2 novembre, journée des prix Goncourt et Renaudot que je ne m'aviserai pas de commenter n'étant ni une adepte des prix, et surtout, ne connaissant pas tous les auteurs en lice... Ces prix permettent surtout aux auteurs de se faire connaître et de donner envie aux lecteurs de les découvrir, c'est surtout ça l'intérêt!
Disons que je profite de l'événement, parce que Delphine de Vigan faisait partie des prétendants pour le Goncourt, elle n'a eu qu'une voix aujourd'hui, mais elle a écrit Les heures souterraines, et c'est déjà tout ce qu'on pouvait espérer lire de mieux en ce moment au sujet du thème très actuel du harcèlement moral des cadres sur le lieu de travail, celui qui fait croire aux cadres qu'ils sont inutiles et qui ne leur permet d'exister qu'au regard de leurs objectifs. Et quand l'objectif n'est rattaché à rien d'autre qu'à lui-même, quand on ne lui donne pas du sens autre que celui du but ultime, pas facile de l'atteindre, de les atteindre, mais très facile d'être atteint au contraire soi-même par ces objectifs devenus maîtres de tout, et mesures de toutes choses.
La lecture est une des meilleures opportunités d'évasion et de retour sur la personne et son histoire.

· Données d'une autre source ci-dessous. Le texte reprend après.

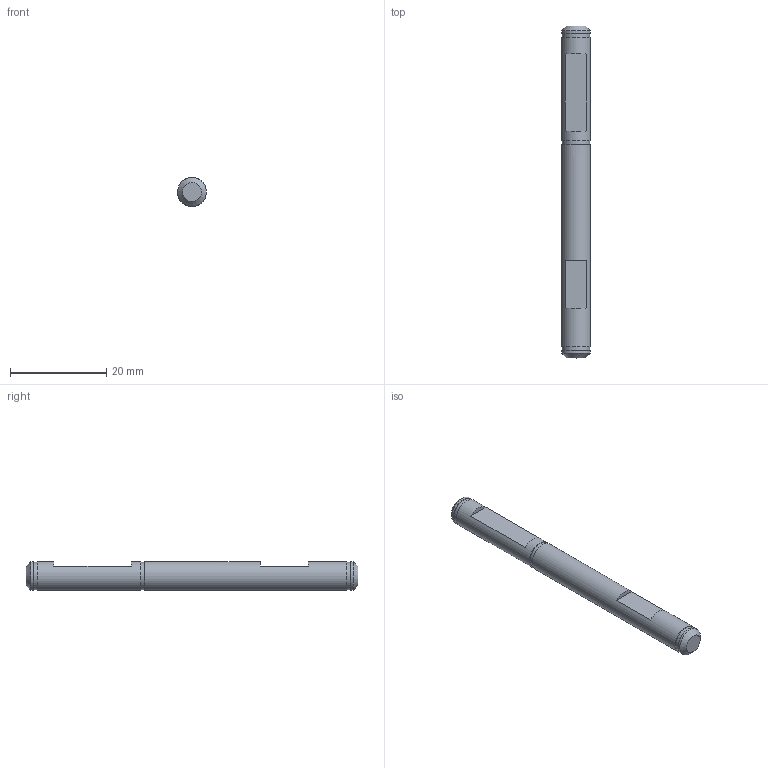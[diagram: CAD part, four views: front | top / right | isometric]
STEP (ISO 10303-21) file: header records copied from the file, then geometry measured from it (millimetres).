
FILE_DESCRIPTION(/* description */ (''),/* implementation_level */ '2;1');
FILE_NAME(/* name */ 'Arbre_Roue.step',/* time_stamp */ '2022-06-18T23:11:53+02:00',/* author */ (''),/* organization */ (''),/* preprocessor_version */ 'ST-DEVELOPER v19',/* originating_system */ 'Autodesk Translation Framework v11.7.0.108',/* authorisation */ '');
FILE_SCHEMA (('AUTOMOTIVE_DESIGN { 1 0 10303 214 3 1 1 }'));
Length unit declared in the file: millimetre
Products named in the file (1): Arbre_Roue
Bounding box: 6 x 68.9 x 6 mm (x, y, z)
Volume: 1844.2 mm3; surface area: 1342.3 mm2
Topology: 1 solids, 1 shells, 23 faces, 38 edges, 25 vertices
Faces by surface type: plane 14, cylinder 7, cone 2
Full cylindrical faces by diameter (mm): 5.7 x3, 6 x4
Entity records: 578 total; most frequent: DIRECTION 107, CARTESIAN_POINT 87, ORIENTED_EDGE 76, AXIS2_PLACEMENT_3D 45, EDGE_CURVE 38, EDGE_LOOP 31, VERTEX_POINT 25, FACE_OUTER_BOUND 23

Delphine de Vigan ne nous montre pas l'échec d'une personne (et même de deux personnages dont les histoires parallèles se conjuguent parfaitement par des mouvement opposés, la course et l'immobilisme), elle nous montre une personne dans son environnement de travail, dans un contexte complexe d'interactions entre des personnes qui ne veulent pas se comprendre, se rencontrer. Aujourd'hui où l'on est surtout identifié par des statuts (travailleur/chômeur, apte à recevoir l'identité nationale/inapte, avec ou sans papier, méritant/non méritants,...), et le futur ne se dessine que par des objectifs (quand ils sont accompagnés, ce ne sont plus seulement des objectifs, c'est une cohésion), il apparait que l'on est soit inclu, soit exclu dans un système donné. Le roman lui, dépasse les systèmes, il décrit et montre les personnes transversalement, avec leur histoire, leurs émotions, leurs ambitions, leur volonté, leurs faiblesses. Ca change du langage SMS ou de celui de Facebook, c'est plus ... existant, c'est un type de partage plus personnel.
Quand on milite pour l'accompagnement individualisé - et personnalisé - des parcours professionnels, à l'intérieur et au-dehors du système entreprise, du système Pôle Emploi et du système scolaire, on milite aussi pour le sens qu'on donne au travail, travail qui a de plus en plus de synonymes approximatifs (boulot, taf,...) dévalorisants, parce qu'on parle de moins en moins des métiers. On cherche un boulot, pas un métier. C'est le boulot qui fait vivre, pas forcément le métier... Les objectifs du boulot sont difficiles à atteindre, stressants... Les objectifs relatifs à un métier sont au contraire les exemples d'une continuité dans la progression... Problème de vocabulaire en entreprise? Les notes de services ne sont pas des romans et n'ont pas ce rôle. Mais elles sont parfois très froides sans les relations humaines. Et les entretiens individuels se transforment quelquefois en audience à la cour, les plans d'action en peine infligée au coupable, on formalise tout tout tout par écrit, non pas pour éclaircir les propos mais pour se couvrir... Malaise.
On fait de plus en plus appel à des coachs, des psys, des médocs, des médecins... On met des pansements sur les plaies, mais on ne fait pas appel à Docteur House pour diagnostiquer l'origine de ces plaies... (il est vrai, je le concède, que c'est Docteur Ross le plus sexy quand il distribue son nespresso, qui d'ailleurs grâce à sa caféine, permet de tenir tête à la fatigue, et d'atteindre plus "facilement" ses objectifs)...
Dans tous les plans Emploi qui se dessinent, l'urgence du "sens" est à prendre en compte absolument. Dans toutes les perspectives de dialogue social, l'individualisation des parcours professionnels par un suivi personnalisé (objectifs avec accompagnement!!!) doit prendre sa place petit à petit, comme dans les plans de reclassement. Utopique? Disons que si dans certaines structures on est loin du compte, il est temps de ne plus traiter les personnes comme des dossiers. Comme dans les romans. Tiens d'ailleurs qu'est-ce que je pourrais bien lire ce soir?